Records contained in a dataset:
Start of Block

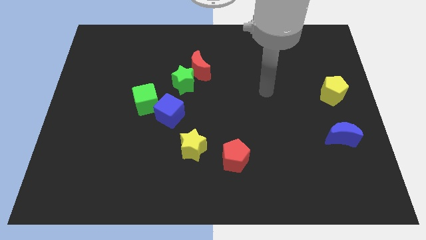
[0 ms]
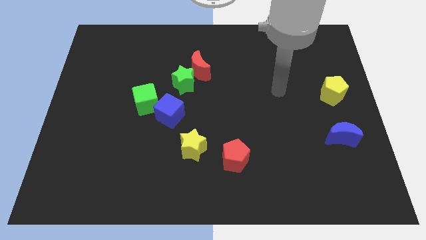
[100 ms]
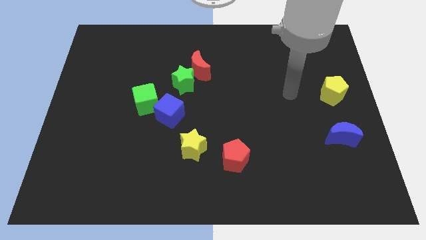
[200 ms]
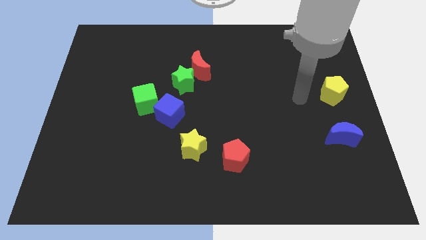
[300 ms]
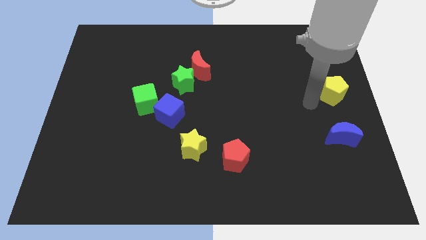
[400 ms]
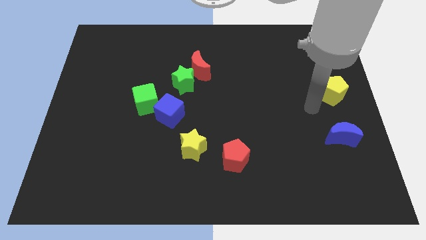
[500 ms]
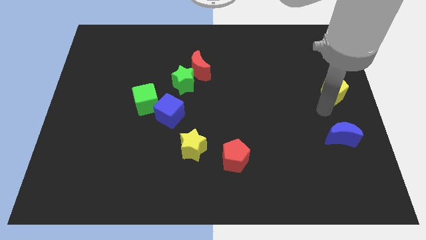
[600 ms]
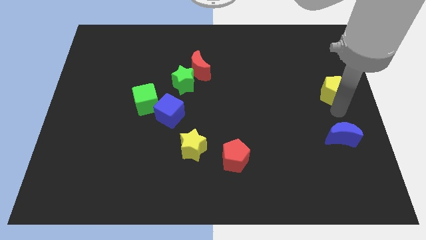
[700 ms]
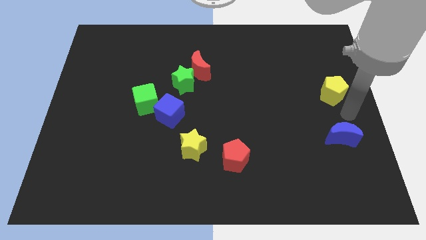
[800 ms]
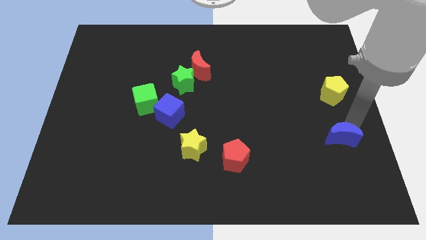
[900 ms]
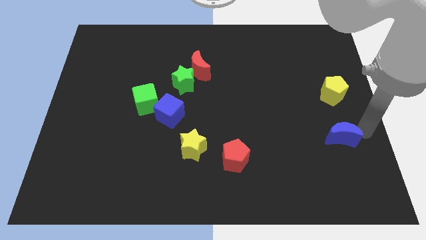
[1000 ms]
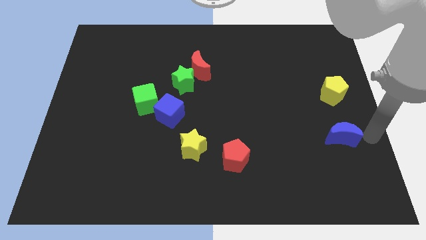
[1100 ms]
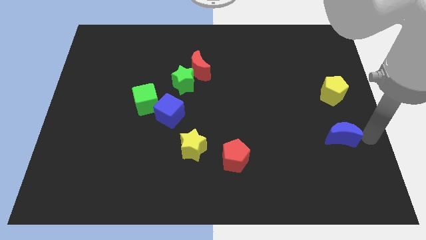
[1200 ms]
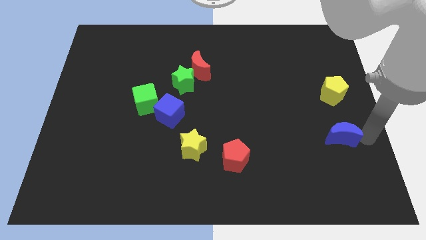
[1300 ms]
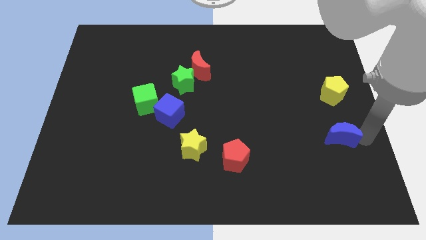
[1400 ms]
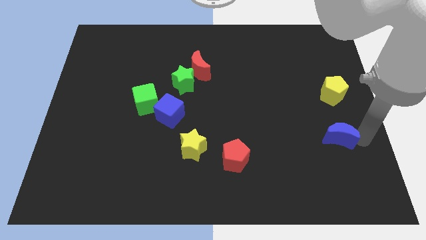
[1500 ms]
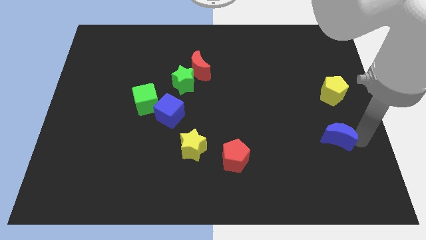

End of Block

- DIRECTIONS FOR THIS TASK: I'd like every record above written out again exactly, without the pictures.

- SOLUTION TO THE EXERCISE:
[0 ms]
[100 ms]
[200 ms]
[300 ms]
[400 ms]
[500 ms]
[600 ms]
[700 ms]
[800 ms]
[900 ms]
[1000 ms]
[1100 ms]
[1200 ms]
[1300 ms]
[1400 ms]
[1500 ms]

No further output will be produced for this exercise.